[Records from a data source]
* * *
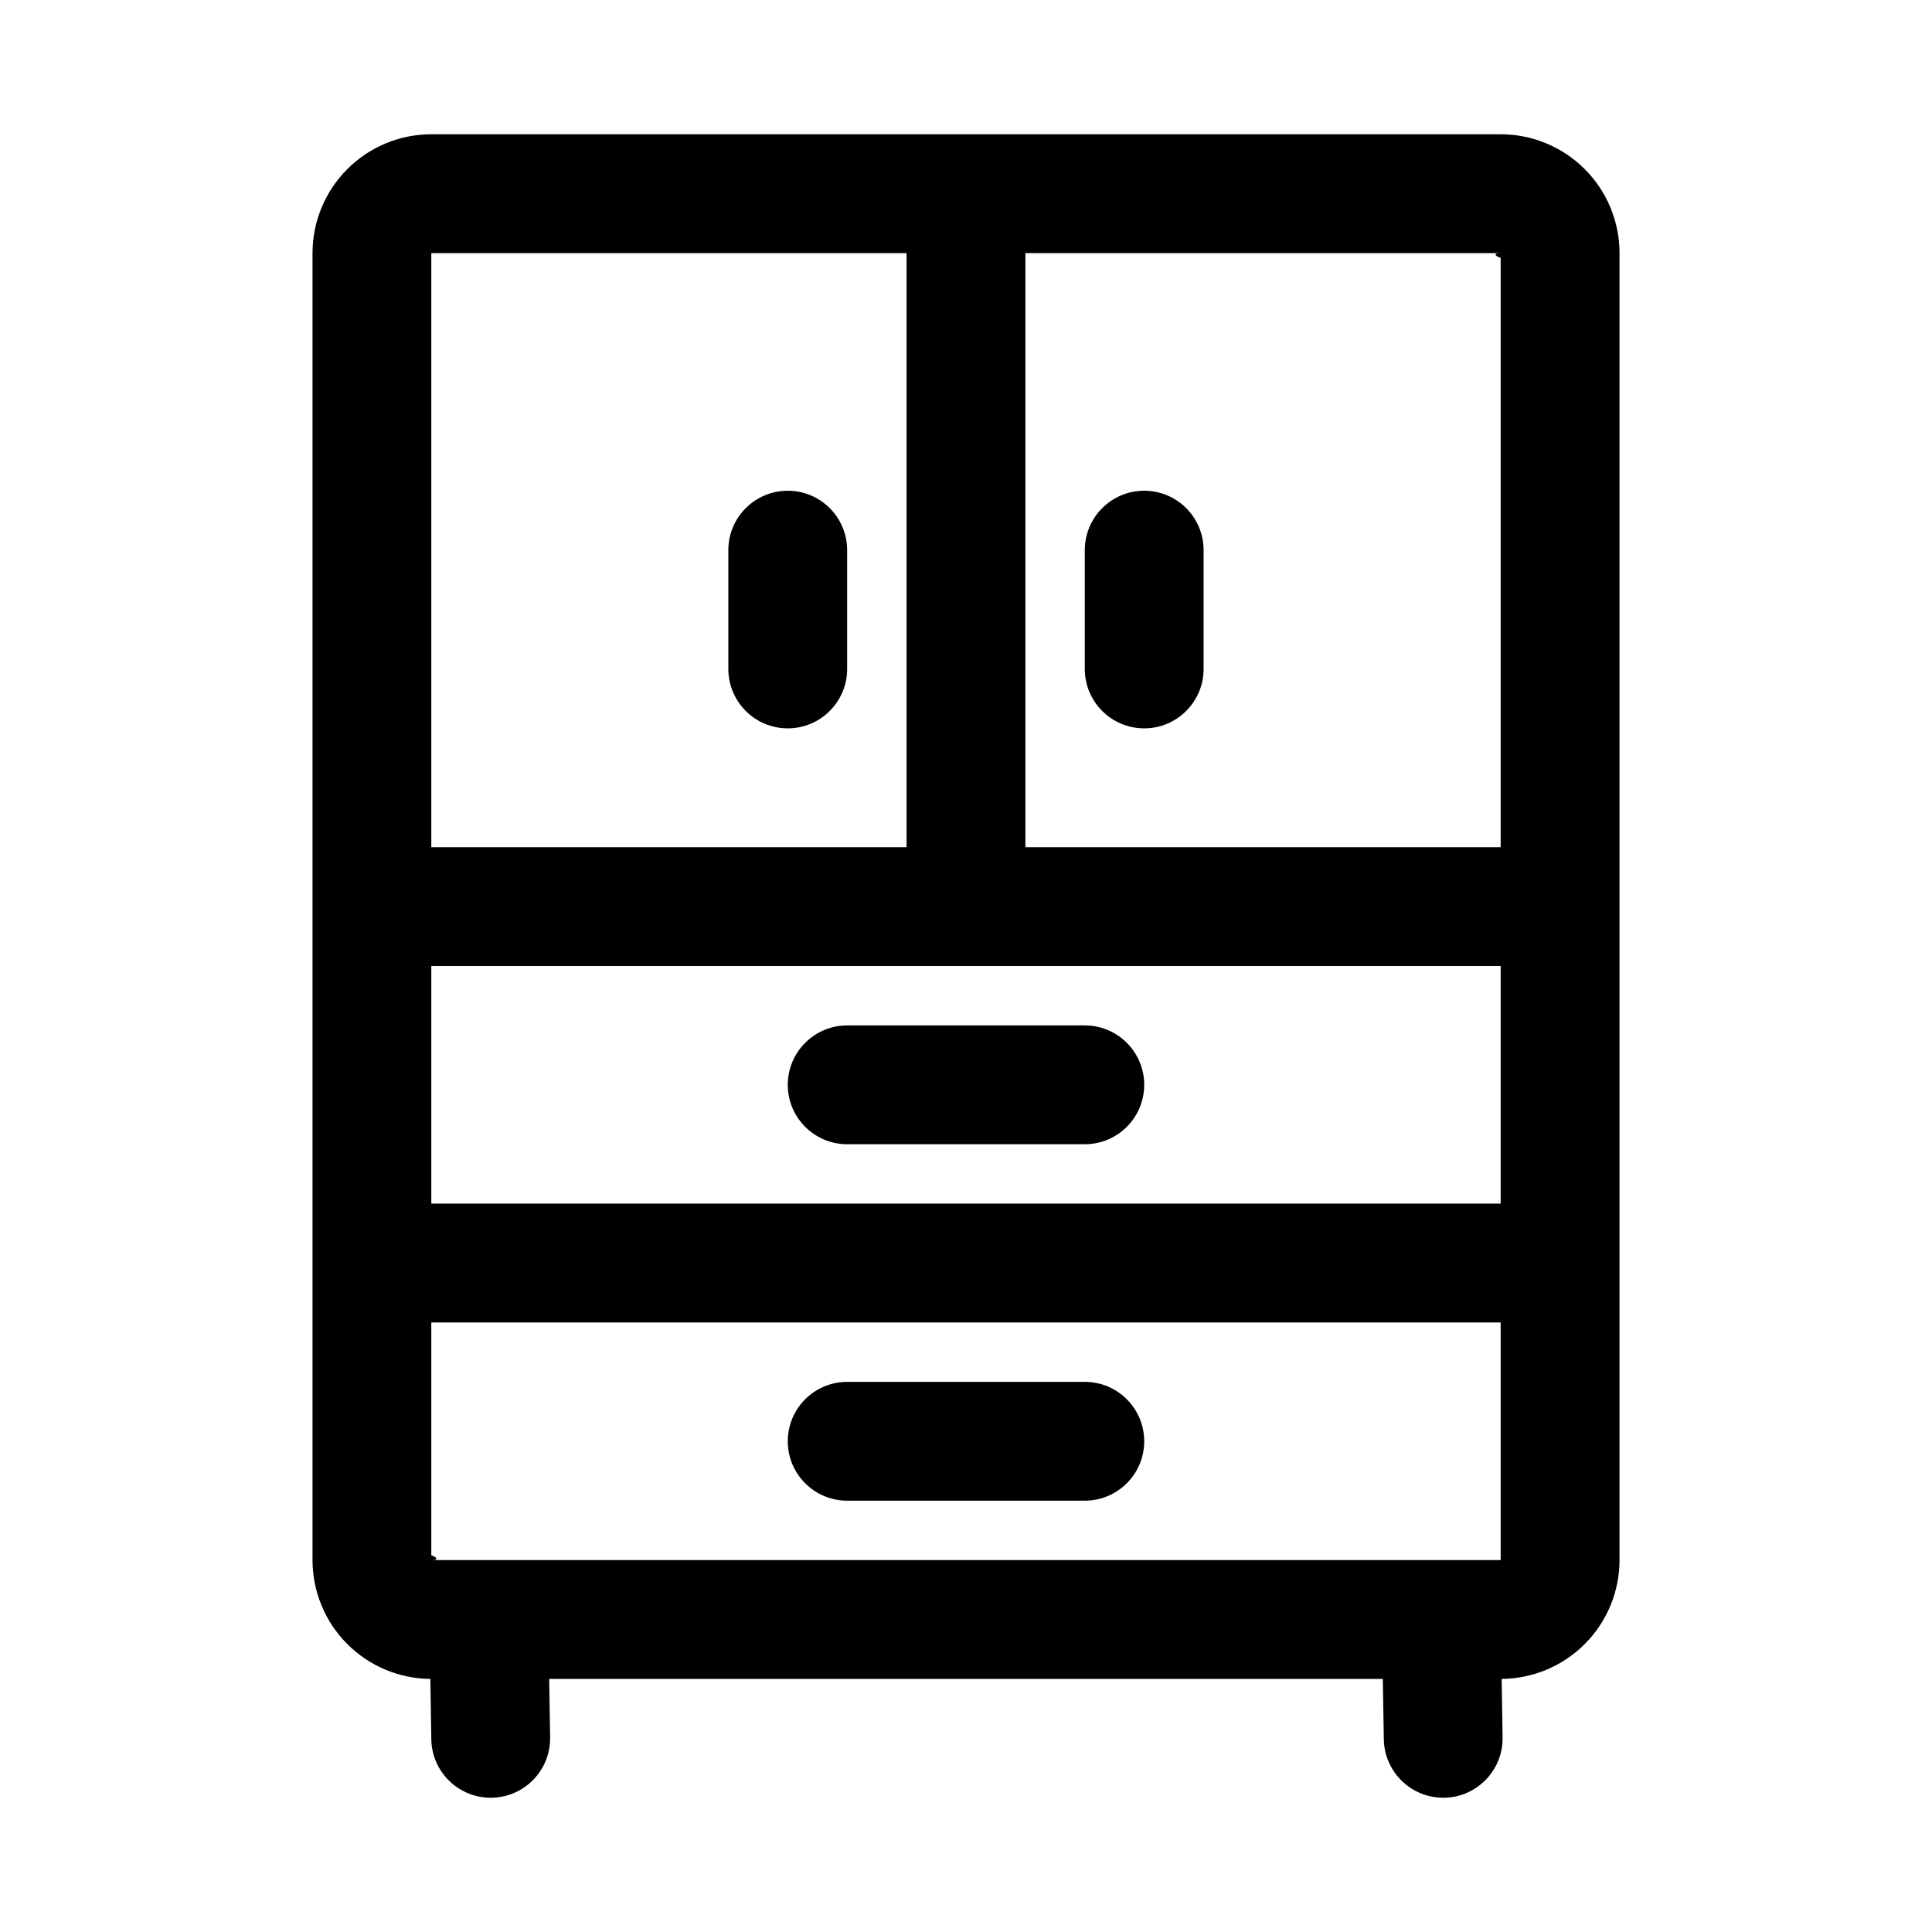 <?xml version="1.0" encoding="UTF-8"?>
<!-- Uploaded to: SVG Repo, www.svgrepo.com, Generator: SVG Repo Mixer Tools -->
<svg fill="#000000" width="800px" height="800px" version="1.1" viewBox="144 144 512 512" xmlns="http://www.w3.org/2000/svg">
 <path d="m258.05 588.93 0.25 15.996c0.141 8.691 7.305 15.633 15.996 15.492 8.691-0.141 15.633-7.305 15.492-15.996l-0.25-15.492h220.92l0.27 15.996c0.141 8.691 7.305 15.633 15.996 15.492 8.691-0.141 15.617-7.305 15.477-15.996l-0.25-15.492c8.266-0.062 16.168-3.387 22.012-9.227 5.902-5.902 9.227-13.918 9.227-22.262v-346.37c0-8.344-3.32-16.359-9.227-22.262-5.902-5.902-13.918-9.227-22.262-9.227h-283.39c-8.344 0-16.359 3.32-22.262 9.227-5.902 5.902-9.227 13.918-9.227 22.262v346.37c0 8.344 3.32 16.359 9.227 22.262 5.84 5.84 13.746 9.164 22.012 9.227zm283.64-94.465v62.977h-283.39c2.441 0 1.008-1.008 0-1.258v-61.715h283.39zm-173.18 47.23h62.977c8.691 0 15.742-7.055 15.742-15.742 0-8.691-7.055-15.742-15.742-15.742h-62.977c-8.691 0-15.742 7.055-15.742 15.742 0 8.691 7.055 15.742 15.742 15.742zm-110.21-78.719h283.39v-62.977h-283.39zm110.21-15.742h62.977c8.691 0 15.742-7.055 15.742-15.742 0-8.691-7.055-15.742-15.742-15.742h-62.977c-8.691 0-15.742 7.055-15.742 15.742 0 8.691 7.055 15.742 15.742 15.742zm-110.21-78.719h125.95v-157.44h-125.95zm157.44-157.44h125.95c-2.441 0-1.008 1.008 0 1.258v156.18h-125.95v-157.44zm15.742 78.719v31.488c0 8.691 7.055 15.742 15.742 15.742 8.691 0 15.742-7.055 15.742-15.742v-31.488c0-8.691-7.055-15.742-15.742-15.742-8.691 0-15.742 7.055-15.742 15.742zm-94.465 0v31.488c0 8.691 7.055 15.742 15.742 15.742 8.691 0 15.742-7.055 15.742-15.742v-31.488c0-8.691-7.055-15.742-15.742-15.742-8.691 0-15.742 7.055-15.742 15.742z" fill-rule="evenodd"/>
</svg>
* * *
## Requirement
Would you please repeat all the data word for word, but without the pictures?

## Written answer
 <?xml version="1.0" encoding="UTF-8"?>
<!-- Uploaded to: SVG Repo, www.svgrepo.com, Generator: SVG Repo Mixer Tools -->
<svg fill="#000000" width="800px" height="800px" version="1.1" viewBox="144 144 512 512" xmlns="http://www.w3.org/2000/svg">
 <path d="m258.05 588.93 0.25 15.996c0.141 8.691 7.305 15.633 15.996 15.492 8.691-0.141 15.633-7.305 15.492-15.996l-0.25-15.492h220.92l0.27 15.996c0.141 8.691 7.305 15.633 15.996 15.492 8.691-0.141 15.617-7.305 15.477-15.996l-0.25-15.492c8.266-0.062 16.168-3.387 22.012-9.227 5.902-5.902 9.227-13.918 9.227-22.262v-346.37c0-8.344-3.32-16.359-9.227-22.262-5.902-5.902-13.918-9.227-22.262-9.227h-283.39c-8.344 0-16.359 3.32-22.262 9.227-5.902 5.902-9.227 13.918-9.227 22.262v346.37c0 8.344 3.32 16.359 9.227 22.262 5.84 5.84 13.746 9.164 22.012 9.227zm283.64-94.465v62.977h-283.39c2.441 0 1.008-1.008 0-1.258v-61.715h283.39zm-173.18 47.23h62.977c8.691 0 15.742-7.055 15.742-15.742 0-8.691-7.055-15.742-15.742-15.742h-62.977c-8.691 0-15.742 7.055-15.742 15.742 0 8.691 7.055 15.742 15.742 15.742zm-110.21-78.719h283.39v-62.977h-283.39zm110.21-15.742h62.977c8.691 0 15.742-7.055 15.742-15.742 0-8.691-7.055-15.742-15.742-15.742h-62.977c-8.691 0-15.742 7.055-15.742 15.742 0 8.691 7.055 15.742 15.742 15.742zm-110.21-78.719h125.95v-157.44h-125.95zm157.44-157.44h125.95c-2.441 0-1.008 1.008 0 1.258v156.18h-125.95v-157.44zm15.742 78.719v31.488c0 8.691 7.055 15.742 15.742 15.742 8.691 0 15.742-7.055 15.742-15.742v-31.488c0-8.691-7.055-15.742-15.742-15.742-8.691 0-15.742 7.055-15.742 15.742zm-94.465 0v31.488c0 8.691 7.055 15.742 15.742 15.742 8.691 0 15.742-7.055 15.742-15.742v-31.488c0-8.691-7.055-15.742-15.742-15.742-8.691 0-15.742 7.055-15.742 15.742z" fill-rule="evenodd"/>
</svg>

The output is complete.